══ Recorded data ══

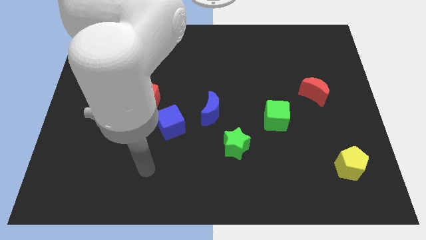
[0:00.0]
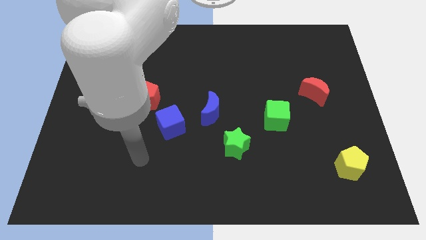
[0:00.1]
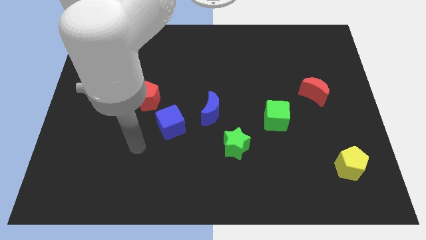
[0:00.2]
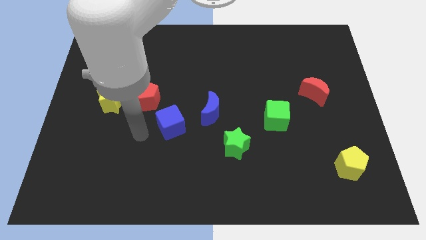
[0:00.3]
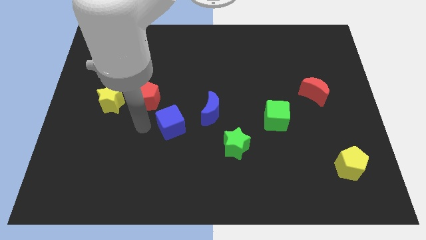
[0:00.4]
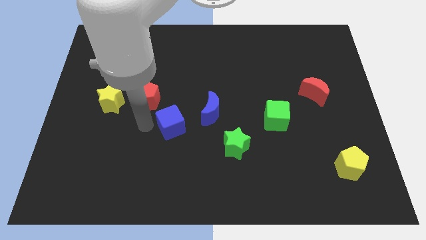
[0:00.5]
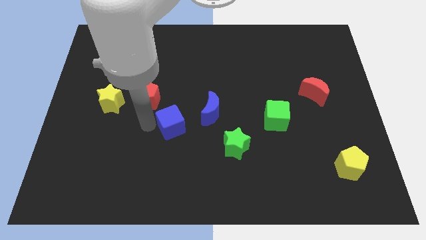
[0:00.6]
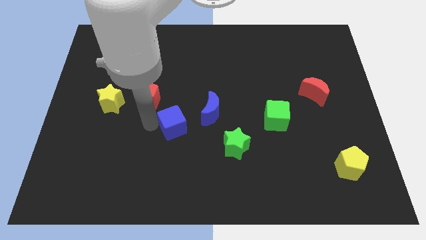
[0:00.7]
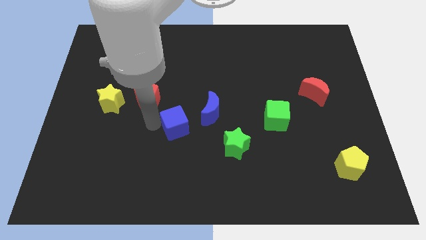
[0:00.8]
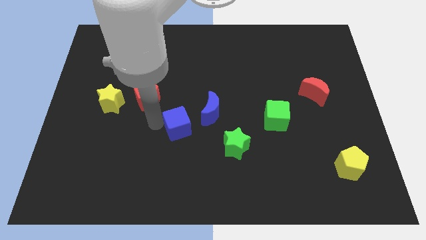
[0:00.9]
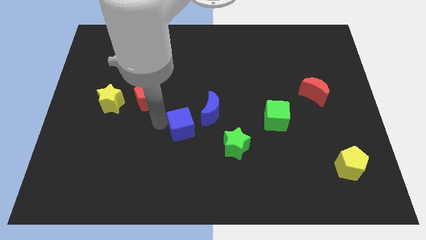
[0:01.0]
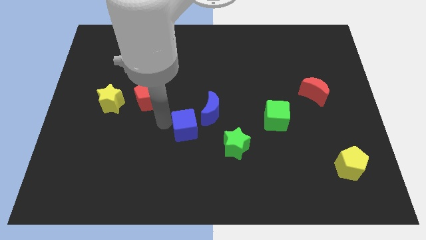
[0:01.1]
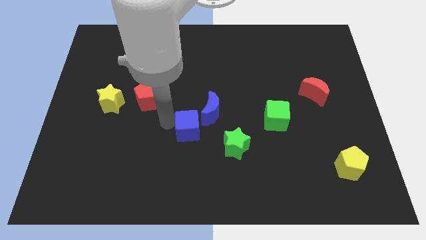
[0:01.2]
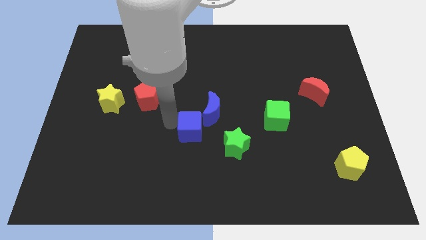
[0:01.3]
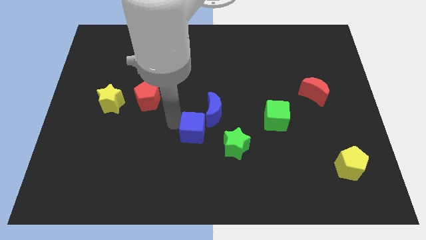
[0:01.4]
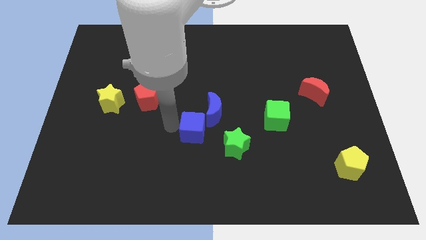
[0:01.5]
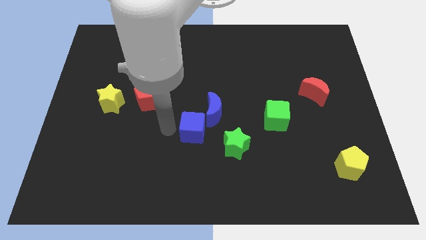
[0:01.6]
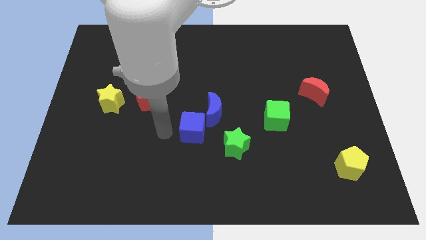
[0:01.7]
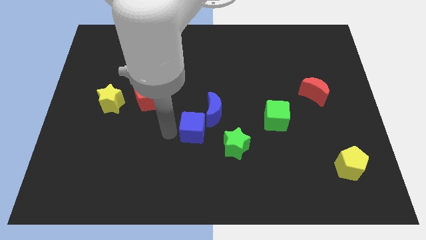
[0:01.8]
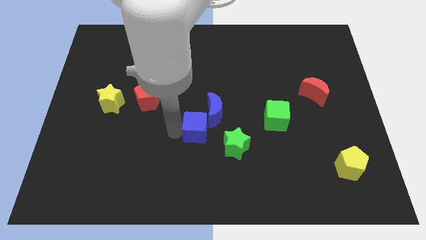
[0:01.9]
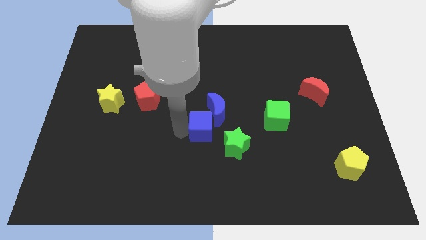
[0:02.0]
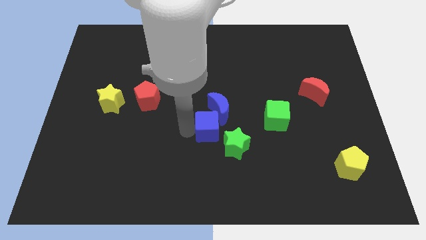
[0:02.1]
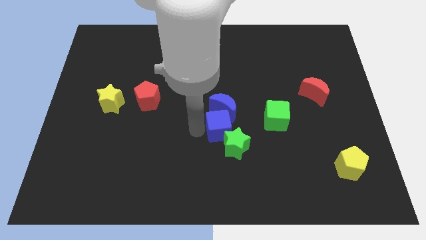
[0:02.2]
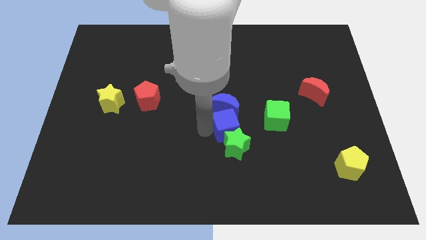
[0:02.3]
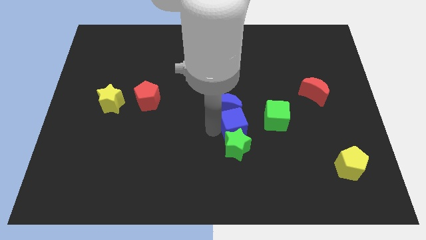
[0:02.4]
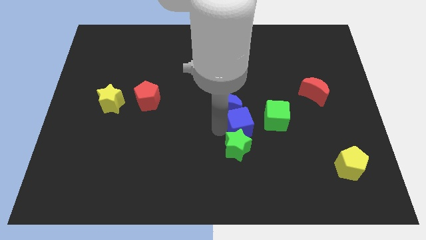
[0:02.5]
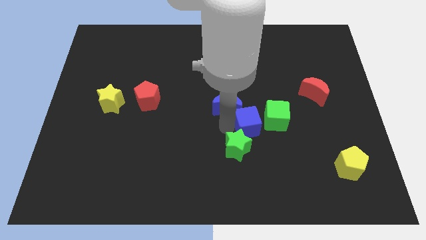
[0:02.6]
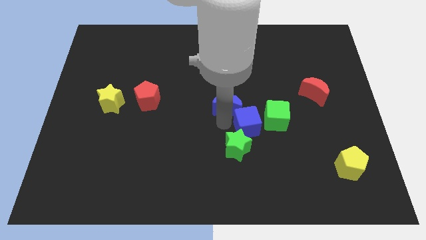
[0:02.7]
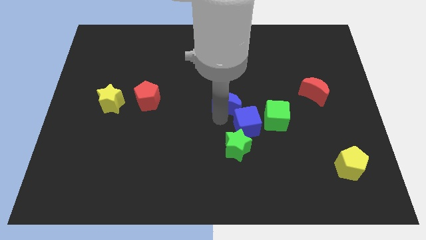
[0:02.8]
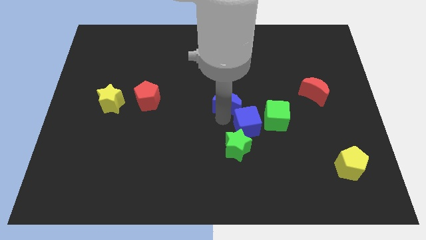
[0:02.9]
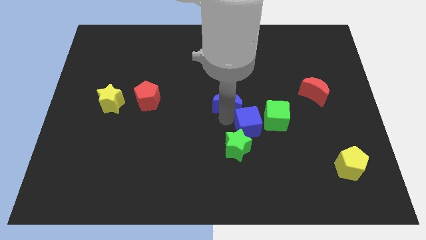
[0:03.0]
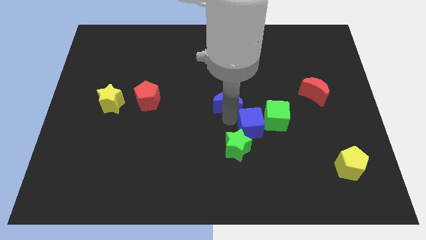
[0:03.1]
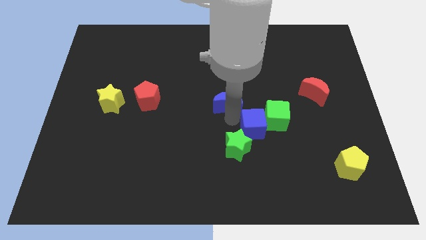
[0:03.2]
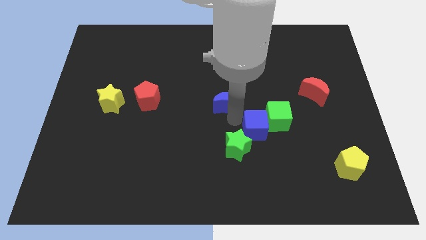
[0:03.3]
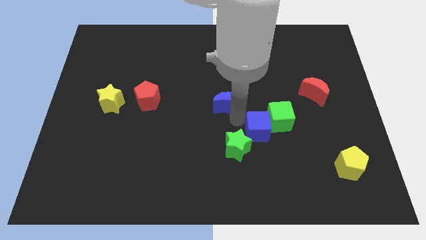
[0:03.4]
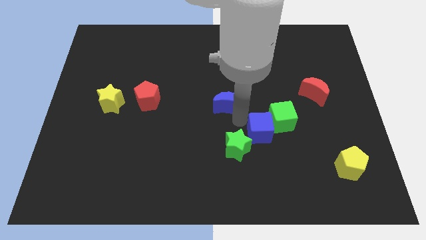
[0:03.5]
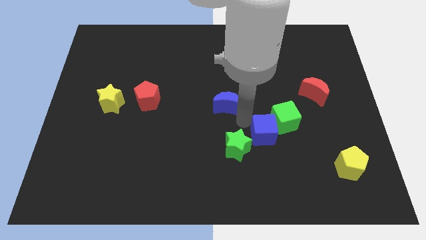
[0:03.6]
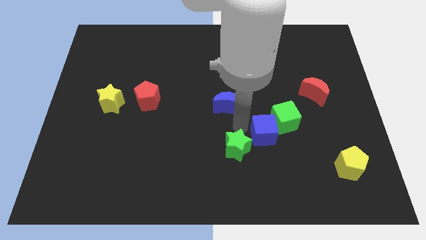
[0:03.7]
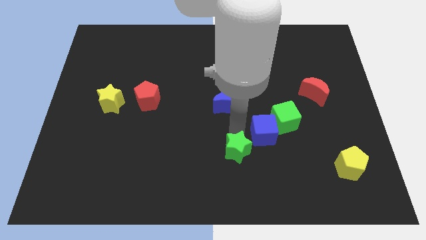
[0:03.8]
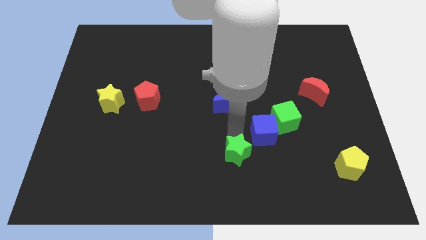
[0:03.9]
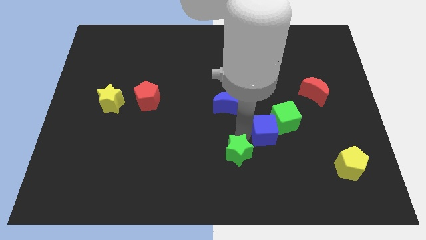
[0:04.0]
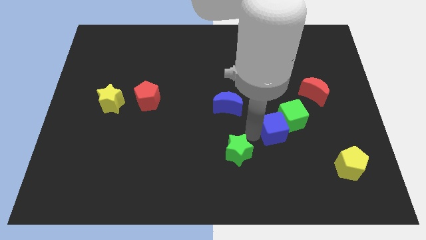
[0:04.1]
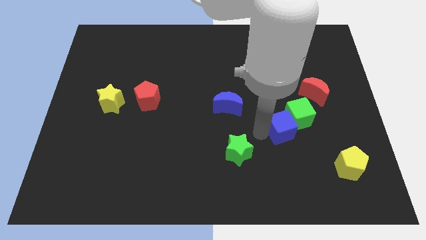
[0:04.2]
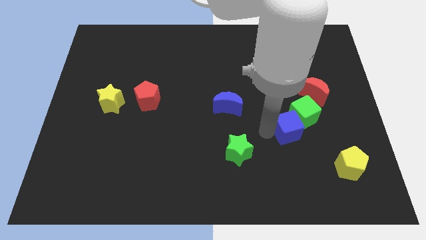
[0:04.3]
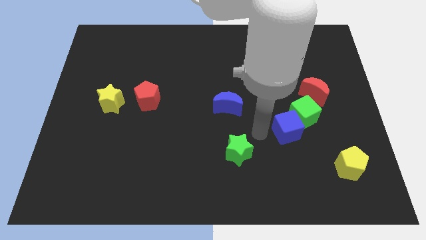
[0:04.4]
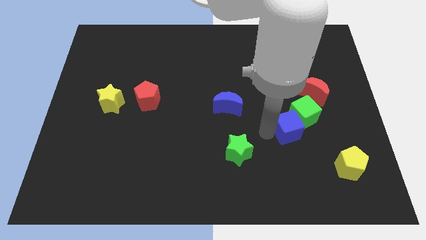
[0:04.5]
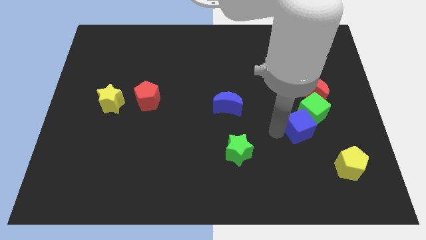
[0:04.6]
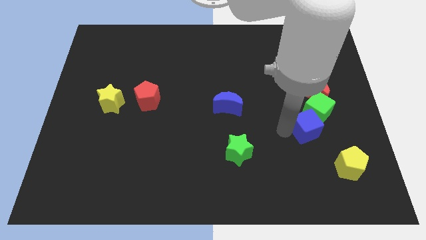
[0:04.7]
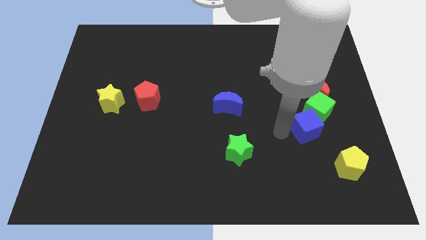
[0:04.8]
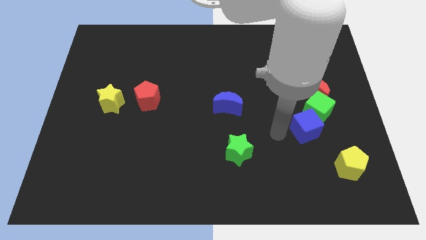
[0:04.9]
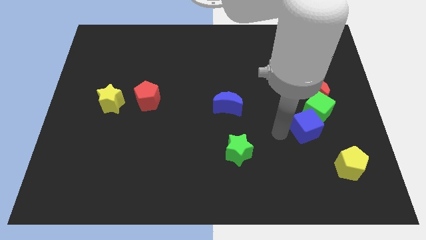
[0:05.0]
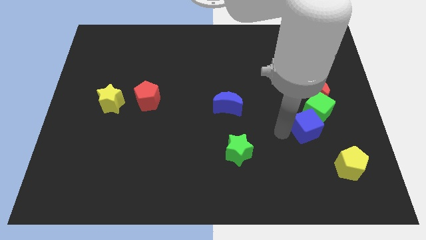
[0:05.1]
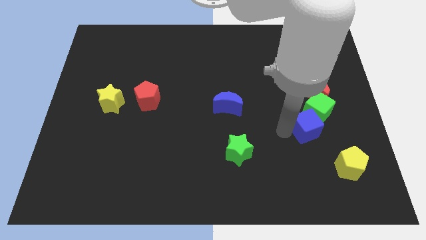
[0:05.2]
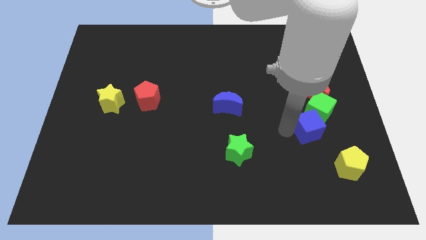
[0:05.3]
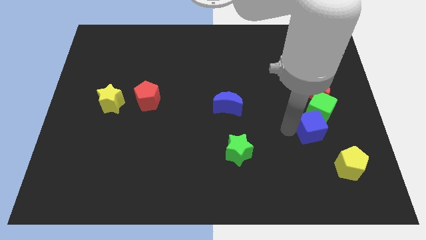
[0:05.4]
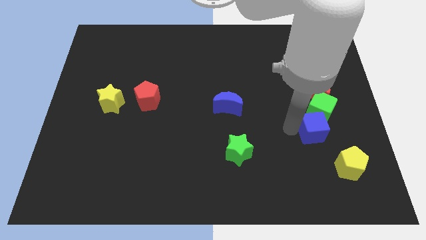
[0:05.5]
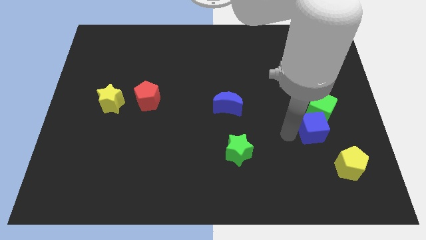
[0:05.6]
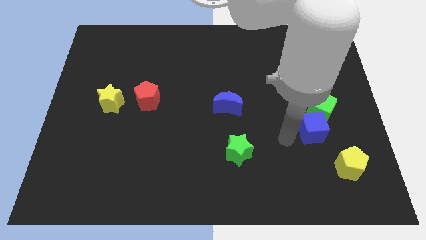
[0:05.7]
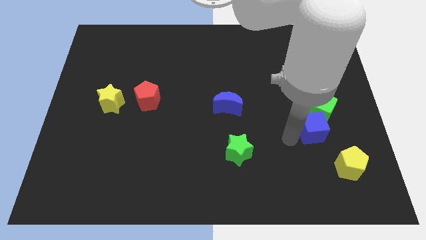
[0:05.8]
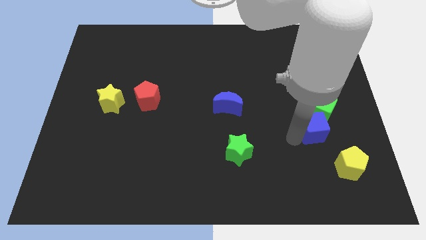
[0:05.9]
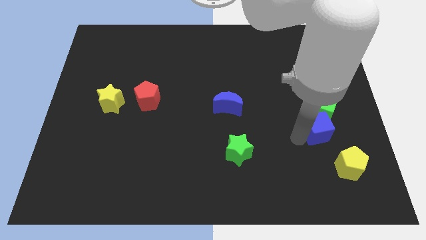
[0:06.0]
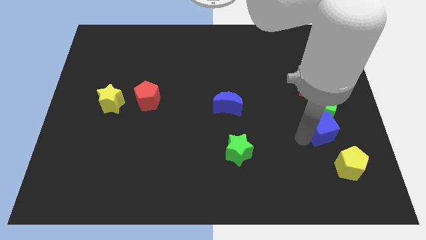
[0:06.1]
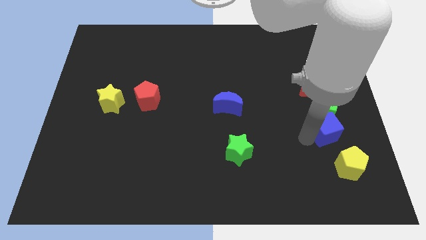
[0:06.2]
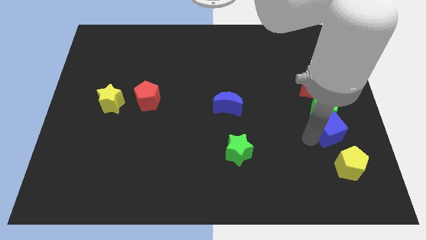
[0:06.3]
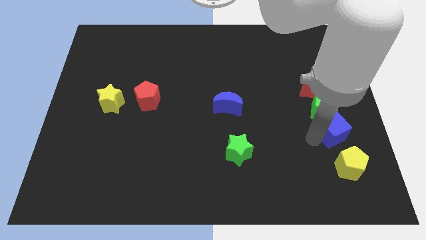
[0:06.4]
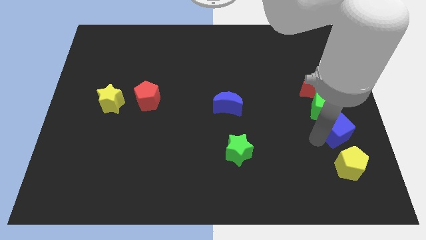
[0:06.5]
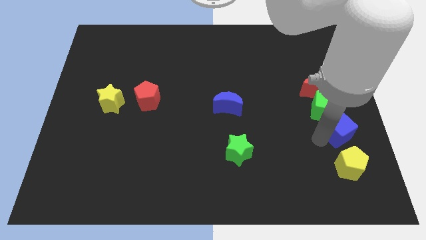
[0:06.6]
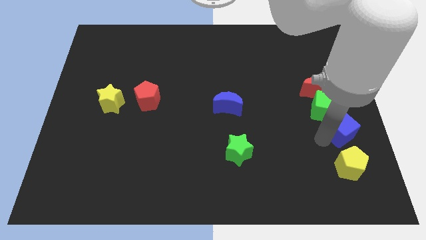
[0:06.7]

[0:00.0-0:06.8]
slide the blue cube to the center right

═══

Requirement:
Apart from the pictures, every line of the data above should be given again exactly.

Answer to this problem:
[0:00.0]
[0:00.1]
[0:00.2]
[0:00.3]
[0:00.4]
[0:00.5]
[0:00.6]
[0:00.7]
[0:00.8]
[0:00.9]
[0:01.0]
[0:01.1]
[0:01.2]
[0:01.3]
[0:01.4]
[0:01.5]
[0:01.6]
[0:01.7]
[0:01.8]
[0:01.9]
[0:02.0]
[0:02.1]
[0:02.2]
[0:02.3]
[0:02.4]
[0:02.5]
[0:02.6]
[0:02.7]
[0:02.8]
[0:02.9]
[0:03.0]
[0:03.1]
[0:03.2]
[0:03.3]
[0:03.4]
[0:03.5]
[0:03.6]
[0:03.7]
[0:03.8]
[0:03.9]
[0:04.0]
[0:04.1]
[0:04.2]
[0:04.3]
[0:04.4]
[0:04.5]
[0:04.6]
[0:04.7]
[0:04.8]
[0:04.9]
[0:05.0]
[0:05.1]
[0:05.2]
[0:05.3]
[0:05.4]
[0:05.5]
[0:05.6]
[0:05.7]
[0:05.8]
[0:05.9]
[0:06.0]
[0:06.1]
[0:06.2]
[0:06.3]
[0:06.4]
[0:06.5]
[0:06.6]
[0:06.7]

[0:00.0-0:06.8]
slide the blue cube to the center right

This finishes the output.